— Это самообман, Тимара, — негромко и жестко произнес Татс. — Ты не погружаешься в жизнь Кельсингры. Ты отказываешься от настоящего и уходишь в воспоминания, которые никогда не вернутся. И там нет ничего настоящего. Ты не принимаешь решений, а если последствия оказываются чересчур серьезными, то просто сбегаешь. Ты усваиваешь некий образ мыслей, а когда возвращаешься обратно, то чувствуешь себя потерянной. Зачем ты плаваешь в грезах? Почему ничего не делаешь здесь и сейчас? Только задумайся: какой опыт ты упускаешь, какие возможности проходят мимо тебя? Что ты скажешь год спустя об этих временах, когда тебе посчастливилось попасть в Кельсингру?
Смущение Тимары превратилось в злость. Татс не имеет никакого права ее упрекать! И даже если ему кажется, что она совершает глупость, то это ее личное дело: она, между прочим, никому не вредит. Ну… пожалуй, только ему, и притом она задевает исключительно его чувства. И отчасти в этом виноват он сам. Что, разве не правда?
Татс понял, что Тимара рассердилась. Девушка заметила, как плечи его вдруг напряглись, да и голос тоже изменился.
— Я хочу, чтобы ты кое-что знала, Тимара… Если ты когда-нибудь решишь быть со мной, то я не буду думать ни о ком, кроме тебя. Я не стану называть тебя чужим именем или делать с тобой что-то лишь потому, что когда-то очень давно это нравилось другому человеку. Когда ты наконец позволишь мне дотронуться до себя, я буду прикасаться к тебе. И только к тебе. А Рапскаль может тебе это пообещать?

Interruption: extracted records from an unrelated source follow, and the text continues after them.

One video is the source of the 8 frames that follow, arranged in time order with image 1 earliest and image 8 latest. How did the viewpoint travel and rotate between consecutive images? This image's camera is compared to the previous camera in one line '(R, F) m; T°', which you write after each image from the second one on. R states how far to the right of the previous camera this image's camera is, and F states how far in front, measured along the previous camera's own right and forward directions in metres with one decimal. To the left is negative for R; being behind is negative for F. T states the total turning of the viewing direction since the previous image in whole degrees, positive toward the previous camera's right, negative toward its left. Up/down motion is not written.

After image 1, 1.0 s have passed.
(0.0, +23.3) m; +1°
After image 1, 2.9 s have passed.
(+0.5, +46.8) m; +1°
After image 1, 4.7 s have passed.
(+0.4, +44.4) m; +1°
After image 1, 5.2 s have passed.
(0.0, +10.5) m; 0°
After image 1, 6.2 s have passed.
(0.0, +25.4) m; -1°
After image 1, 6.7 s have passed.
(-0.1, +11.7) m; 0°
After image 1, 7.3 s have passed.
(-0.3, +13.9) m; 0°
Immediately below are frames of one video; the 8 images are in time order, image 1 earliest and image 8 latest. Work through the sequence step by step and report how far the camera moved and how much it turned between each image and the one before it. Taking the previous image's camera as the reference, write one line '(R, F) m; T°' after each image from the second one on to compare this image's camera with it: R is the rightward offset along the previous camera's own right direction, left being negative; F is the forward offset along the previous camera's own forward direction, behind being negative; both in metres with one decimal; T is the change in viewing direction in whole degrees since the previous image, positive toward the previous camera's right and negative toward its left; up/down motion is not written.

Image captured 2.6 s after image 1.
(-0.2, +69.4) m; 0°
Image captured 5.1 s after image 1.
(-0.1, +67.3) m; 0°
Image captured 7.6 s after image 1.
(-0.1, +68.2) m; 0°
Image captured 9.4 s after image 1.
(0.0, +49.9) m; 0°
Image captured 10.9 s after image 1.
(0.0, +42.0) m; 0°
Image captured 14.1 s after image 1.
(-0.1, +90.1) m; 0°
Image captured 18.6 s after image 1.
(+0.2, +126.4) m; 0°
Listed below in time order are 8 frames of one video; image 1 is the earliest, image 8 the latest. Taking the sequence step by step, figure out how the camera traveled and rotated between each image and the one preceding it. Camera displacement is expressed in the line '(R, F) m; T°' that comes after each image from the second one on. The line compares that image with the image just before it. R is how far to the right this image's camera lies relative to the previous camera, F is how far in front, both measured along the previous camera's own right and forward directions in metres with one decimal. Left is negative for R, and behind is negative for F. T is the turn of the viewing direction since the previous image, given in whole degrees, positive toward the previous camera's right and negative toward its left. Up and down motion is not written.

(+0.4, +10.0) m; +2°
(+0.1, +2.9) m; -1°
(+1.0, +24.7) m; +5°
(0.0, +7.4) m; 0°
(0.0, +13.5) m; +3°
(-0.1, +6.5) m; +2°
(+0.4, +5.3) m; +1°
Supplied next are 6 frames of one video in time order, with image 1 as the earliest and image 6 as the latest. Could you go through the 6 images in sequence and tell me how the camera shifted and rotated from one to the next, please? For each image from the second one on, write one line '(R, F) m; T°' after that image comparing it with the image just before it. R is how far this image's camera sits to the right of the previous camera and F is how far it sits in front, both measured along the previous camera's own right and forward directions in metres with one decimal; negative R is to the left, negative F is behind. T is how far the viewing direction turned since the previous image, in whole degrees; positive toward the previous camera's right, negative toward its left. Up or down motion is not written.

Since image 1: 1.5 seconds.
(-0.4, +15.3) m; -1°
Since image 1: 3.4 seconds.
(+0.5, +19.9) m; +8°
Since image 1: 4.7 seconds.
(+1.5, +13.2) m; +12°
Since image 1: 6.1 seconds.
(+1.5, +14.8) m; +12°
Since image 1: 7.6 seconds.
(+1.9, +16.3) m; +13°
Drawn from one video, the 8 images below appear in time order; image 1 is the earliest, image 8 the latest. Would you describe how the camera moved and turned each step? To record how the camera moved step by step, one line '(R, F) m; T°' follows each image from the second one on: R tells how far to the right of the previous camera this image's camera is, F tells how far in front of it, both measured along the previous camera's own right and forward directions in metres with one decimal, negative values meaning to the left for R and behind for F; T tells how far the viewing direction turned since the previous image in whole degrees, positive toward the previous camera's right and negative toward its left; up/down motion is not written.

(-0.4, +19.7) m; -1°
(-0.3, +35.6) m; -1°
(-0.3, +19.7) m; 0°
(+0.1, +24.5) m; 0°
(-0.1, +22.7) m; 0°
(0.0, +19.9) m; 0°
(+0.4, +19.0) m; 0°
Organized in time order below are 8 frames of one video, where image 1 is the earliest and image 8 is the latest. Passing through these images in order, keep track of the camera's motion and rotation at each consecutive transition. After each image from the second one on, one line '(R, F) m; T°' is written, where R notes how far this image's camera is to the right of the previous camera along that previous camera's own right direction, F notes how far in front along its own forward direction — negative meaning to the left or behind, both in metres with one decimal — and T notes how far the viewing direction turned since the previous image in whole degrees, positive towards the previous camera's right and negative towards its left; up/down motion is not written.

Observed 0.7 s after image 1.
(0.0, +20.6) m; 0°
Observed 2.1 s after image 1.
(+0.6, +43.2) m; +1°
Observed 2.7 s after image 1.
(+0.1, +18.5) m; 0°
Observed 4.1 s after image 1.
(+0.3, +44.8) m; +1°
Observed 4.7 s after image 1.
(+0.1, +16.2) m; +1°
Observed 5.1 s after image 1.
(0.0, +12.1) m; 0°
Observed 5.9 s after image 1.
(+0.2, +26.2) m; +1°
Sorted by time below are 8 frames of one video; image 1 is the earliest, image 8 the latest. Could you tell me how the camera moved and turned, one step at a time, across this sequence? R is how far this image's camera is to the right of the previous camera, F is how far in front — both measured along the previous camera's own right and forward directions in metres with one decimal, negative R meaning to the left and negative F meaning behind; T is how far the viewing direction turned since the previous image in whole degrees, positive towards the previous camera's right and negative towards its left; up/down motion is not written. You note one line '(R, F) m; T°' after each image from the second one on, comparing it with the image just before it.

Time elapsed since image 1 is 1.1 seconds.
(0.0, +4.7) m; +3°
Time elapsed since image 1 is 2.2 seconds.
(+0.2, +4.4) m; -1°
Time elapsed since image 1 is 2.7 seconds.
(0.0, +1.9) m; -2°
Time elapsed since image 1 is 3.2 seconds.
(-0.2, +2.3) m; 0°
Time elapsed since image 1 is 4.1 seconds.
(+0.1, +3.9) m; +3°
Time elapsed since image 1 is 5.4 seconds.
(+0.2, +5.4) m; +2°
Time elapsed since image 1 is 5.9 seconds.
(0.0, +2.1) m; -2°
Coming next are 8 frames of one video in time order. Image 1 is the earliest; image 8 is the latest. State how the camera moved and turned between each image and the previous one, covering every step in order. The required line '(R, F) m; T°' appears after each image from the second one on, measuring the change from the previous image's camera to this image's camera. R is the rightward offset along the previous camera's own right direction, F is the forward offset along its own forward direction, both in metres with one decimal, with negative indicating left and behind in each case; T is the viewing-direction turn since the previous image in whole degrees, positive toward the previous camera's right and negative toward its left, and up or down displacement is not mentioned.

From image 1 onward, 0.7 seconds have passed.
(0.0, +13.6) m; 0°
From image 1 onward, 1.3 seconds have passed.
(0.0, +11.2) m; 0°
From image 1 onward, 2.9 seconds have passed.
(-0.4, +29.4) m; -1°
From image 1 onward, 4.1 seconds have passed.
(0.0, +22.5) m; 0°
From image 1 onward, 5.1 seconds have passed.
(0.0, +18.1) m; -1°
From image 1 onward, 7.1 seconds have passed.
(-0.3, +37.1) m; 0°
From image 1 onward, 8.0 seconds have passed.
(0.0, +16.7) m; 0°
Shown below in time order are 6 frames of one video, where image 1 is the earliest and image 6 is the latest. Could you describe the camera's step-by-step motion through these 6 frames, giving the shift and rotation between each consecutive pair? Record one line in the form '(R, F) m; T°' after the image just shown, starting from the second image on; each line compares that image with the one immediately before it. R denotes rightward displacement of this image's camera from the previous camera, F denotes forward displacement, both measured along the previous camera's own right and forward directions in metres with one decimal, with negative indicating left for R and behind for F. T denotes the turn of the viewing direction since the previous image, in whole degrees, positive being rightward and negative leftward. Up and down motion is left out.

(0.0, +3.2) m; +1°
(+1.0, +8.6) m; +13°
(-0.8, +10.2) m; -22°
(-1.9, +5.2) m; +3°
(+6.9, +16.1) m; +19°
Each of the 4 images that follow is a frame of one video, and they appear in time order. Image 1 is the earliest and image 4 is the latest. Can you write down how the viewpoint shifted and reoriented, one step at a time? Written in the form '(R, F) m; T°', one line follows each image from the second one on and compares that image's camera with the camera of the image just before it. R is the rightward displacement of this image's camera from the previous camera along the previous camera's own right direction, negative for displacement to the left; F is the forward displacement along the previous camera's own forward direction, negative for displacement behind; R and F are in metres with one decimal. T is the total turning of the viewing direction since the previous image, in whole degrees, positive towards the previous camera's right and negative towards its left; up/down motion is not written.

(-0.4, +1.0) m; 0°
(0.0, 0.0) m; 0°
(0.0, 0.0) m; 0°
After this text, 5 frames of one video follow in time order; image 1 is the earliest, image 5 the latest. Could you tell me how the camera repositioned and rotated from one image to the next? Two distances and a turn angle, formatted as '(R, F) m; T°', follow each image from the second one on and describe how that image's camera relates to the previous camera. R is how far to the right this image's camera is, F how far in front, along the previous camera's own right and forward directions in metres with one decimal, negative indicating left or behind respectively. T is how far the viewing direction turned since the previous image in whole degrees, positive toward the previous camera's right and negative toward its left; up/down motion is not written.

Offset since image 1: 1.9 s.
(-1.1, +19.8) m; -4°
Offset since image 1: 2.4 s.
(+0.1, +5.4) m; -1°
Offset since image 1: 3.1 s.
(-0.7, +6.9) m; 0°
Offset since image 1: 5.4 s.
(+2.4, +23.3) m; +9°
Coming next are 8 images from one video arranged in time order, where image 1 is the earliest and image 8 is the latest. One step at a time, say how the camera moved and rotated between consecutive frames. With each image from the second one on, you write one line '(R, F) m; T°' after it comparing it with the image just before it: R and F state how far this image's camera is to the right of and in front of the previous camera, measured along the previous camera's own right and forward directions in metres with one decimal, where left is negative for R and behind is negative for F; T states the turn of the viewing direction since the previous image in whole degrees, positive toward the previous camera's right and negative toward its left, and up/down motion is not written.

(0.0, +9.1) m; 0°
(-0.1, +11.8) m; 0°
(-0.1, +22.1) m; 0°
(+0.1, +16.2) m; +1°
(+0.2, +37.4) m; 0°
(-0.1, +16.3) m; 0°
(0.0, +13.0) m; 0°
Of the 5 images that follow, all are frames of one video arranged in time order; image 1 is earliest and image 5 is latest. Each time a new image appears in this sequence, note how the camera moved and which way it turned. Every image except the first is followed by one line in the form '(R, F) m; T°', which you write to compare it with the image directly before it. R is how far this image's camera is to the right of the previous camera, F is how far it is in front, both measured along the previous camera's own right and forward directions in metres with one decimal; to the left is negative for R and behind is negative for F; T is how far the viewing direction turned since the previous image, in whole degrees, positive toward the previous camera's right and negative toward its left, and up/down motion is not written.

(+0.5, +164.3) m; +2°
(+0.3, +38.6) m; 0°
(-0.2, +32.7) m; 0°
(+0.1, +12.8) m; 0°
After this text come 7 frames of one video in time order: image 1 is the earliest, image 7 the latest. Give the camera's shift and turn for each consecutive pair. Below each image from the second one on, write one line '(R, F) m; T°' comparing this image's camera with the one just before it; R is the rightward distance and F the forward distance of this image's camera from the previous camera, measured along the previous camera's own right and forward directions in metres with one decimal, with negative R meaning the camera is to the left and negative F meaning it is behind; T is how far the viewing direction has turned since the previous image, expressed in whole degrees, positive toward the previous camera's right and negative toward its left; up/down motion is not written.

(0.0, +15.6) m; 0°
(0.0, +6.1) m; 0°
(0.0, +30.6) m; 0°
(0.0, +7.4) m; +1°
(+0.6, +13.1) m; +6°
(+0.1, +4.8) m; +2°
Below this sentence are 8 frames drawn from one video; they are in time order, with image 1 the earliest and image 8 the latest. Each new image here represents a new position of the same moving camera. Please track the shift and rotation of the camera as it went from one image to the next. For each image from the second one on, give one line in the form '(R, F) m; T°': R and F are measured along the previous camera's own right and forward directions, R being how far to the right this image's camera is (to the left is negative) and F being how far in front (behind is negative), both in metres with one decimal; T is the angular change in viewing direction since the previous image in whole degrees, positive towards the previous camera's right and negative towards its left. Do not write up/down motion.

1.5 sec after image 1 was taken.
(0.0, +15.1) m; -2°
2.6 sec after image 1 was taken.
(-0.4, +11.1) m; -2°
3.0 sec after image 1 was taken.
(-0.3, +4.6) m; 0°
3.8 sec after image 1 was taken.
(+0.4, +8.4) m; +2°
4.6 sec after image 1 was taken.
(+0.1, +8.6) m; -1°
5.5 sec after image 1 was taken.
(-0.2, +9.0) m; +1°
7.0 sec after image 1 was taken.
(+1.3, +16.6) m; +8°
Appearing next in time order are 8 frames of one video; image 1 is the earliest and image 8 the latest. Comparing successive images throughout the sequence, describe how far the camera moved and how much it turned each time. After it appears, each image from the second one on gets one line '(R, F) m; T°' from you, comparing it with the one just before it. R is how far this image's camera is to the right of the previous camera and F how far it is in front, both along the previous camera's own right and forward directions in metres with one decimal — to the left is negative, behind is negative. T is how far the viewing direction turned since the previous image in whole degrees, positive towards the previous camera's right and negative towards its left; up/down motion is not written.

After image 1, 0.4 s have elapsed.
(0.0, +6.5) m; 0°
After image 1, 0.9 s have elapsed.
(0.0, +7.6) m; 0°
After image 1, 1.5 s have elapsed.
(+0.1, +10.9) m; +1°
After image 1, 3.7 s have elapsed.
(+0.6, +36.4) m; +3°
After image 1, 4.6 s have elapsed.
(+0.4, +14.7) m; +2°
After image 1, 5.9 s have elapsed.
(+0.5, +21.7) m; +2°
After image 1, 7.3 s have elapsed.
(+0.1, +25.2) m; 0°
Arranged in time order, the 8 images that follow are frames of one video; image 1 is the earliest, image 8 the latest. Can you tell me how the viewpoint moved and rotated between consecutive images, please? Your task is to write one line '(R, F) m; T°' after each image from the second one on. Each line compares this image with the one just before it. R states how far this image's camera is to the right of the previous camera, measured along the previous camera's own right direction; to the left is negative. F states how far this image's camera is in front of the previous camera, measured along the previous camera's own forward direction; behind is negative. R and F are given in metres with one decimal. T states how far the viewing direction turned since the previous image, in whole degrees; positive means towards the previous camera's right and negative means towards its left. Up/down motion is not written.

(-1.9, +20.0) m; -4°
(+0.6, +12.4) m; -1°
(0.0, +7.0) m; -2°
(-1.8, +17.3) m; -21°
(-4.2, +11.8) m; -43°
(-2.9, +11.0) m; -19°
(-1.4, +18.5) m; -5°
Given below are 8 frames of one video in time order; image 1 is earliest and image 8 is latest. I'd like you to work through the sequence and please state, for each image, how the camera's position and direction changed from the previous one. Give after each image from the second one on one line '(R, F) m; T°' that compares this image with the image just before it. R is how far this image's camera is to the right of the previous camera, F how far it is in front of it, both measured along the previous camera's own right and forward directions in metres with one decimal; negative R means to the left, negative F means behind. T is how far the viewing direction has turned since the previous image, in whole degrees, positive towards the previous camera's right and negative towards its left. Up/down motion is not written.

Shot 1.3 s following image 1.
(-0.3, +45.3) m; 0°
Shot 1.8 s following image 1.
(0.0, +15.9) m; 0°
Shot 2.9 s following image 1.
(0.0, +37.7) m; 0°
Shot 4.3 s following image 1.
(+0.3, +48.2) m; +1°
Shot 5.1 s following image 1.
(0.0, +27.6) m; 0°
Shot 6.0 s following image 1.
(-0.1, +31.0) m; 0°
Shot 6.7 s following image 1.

От противоречивых чувств у Тимары путались мысли, но неожиданно на помощь ей пришел Карсон.
— Драконы дерутся! — громко завопил он. — Эй, хранители, быстро все сюда!
Тимара резко развернулась и побежала к берегу — навстречу опасности и прочь от Татса.
— За что ты ненавидишь меня?
Женщина по имени Кассим еще пару раз щелкнула ножницами, а потом провела тонкими пальцами по волосам Сельдена, расправляя их и высматривая, не остались ли где-нибудь колтуны. От этого прикосновения у него мороз прошел по коже, и он по-детски содрогнулся. Другая женщина могла бы улыбнуться в ответ. Но взгляд Кассим был холодным и отчужденным.
Она задала ему встречный вопрос:
— А почему ты решил, что я ненавижу тебя, человек-дракон? Разве я неуважительно с тобой обращалась? Была невнимательна или чем-то тебя обидела?
— Ненависть окружает тебя маревом, словно жар костра, — признался Сельден.
Кассим отодвинулась, чтобы выбросить горсти влажных волос через зарешеченное окно. Покончив с этим, она захлопнула створку и опустила изящные деревянные жалюзи. Хотя они были покрыты белой краской и расписаны птицами и цветами, в комнате царил полумрак. Сельден вздохнул, огорченный расставанием с солнцем. Бедняга замерз и никак не мог согреться: долгие месяцы скитаний совершенно измучили его.
Женщина приложила ладонь к защитному экрану:
— Я вызвала твое неудовольствие, и теперь ты пожалуешься моему отцу. — Это прозвучало не как вопрос, а как утверждение.
Сельден был поражен:
— Нет, что ты. Мне просто не хватает дневного света. Меня постоянно держали в плотном шатре, а по дороге сюда — в трюме корабля. Я тосковал по свежему воздуху.
Кассим отошла от окна, не подняв завесы.
— Зачем смотреть на то, чего не можешь иметь?
Он подумал, что, видимо, именно по этой причине она с головы до пят закуталась в бесформенное белое одеяние. Открытым оставался только овал ее лица. Он никогда раньше не видел женщин в подобных облачениях и заподозрил, что такой наряд является ее собственным изобретением. Посещая чужие края, все жители Дождевых чащоб закрывали лица вуалями. Даже когда они добирались до Удачного, где люди, кажется, должны были бы понимать, что к чему, их чешуя и бородавки привлекали нездоровый интерес зевак и вызывали испуг и насмешки. Уроженка Дождевых чащоб закрыла бы не только лицо: длинные перчатки, богатая вышивка и бусины довершили бы ее облик. Такая одежда демонстрировала бы богатство и статус ее владелицы. А эта женщина одета аскетично, как будто ее тело приготовили к погребению в могиле для нищих. А на ее красивом лице ясно отражались царившие в душе злость и возмущение. Пожалуй, Сельден предпочел бы, чтобы она опустила глаза.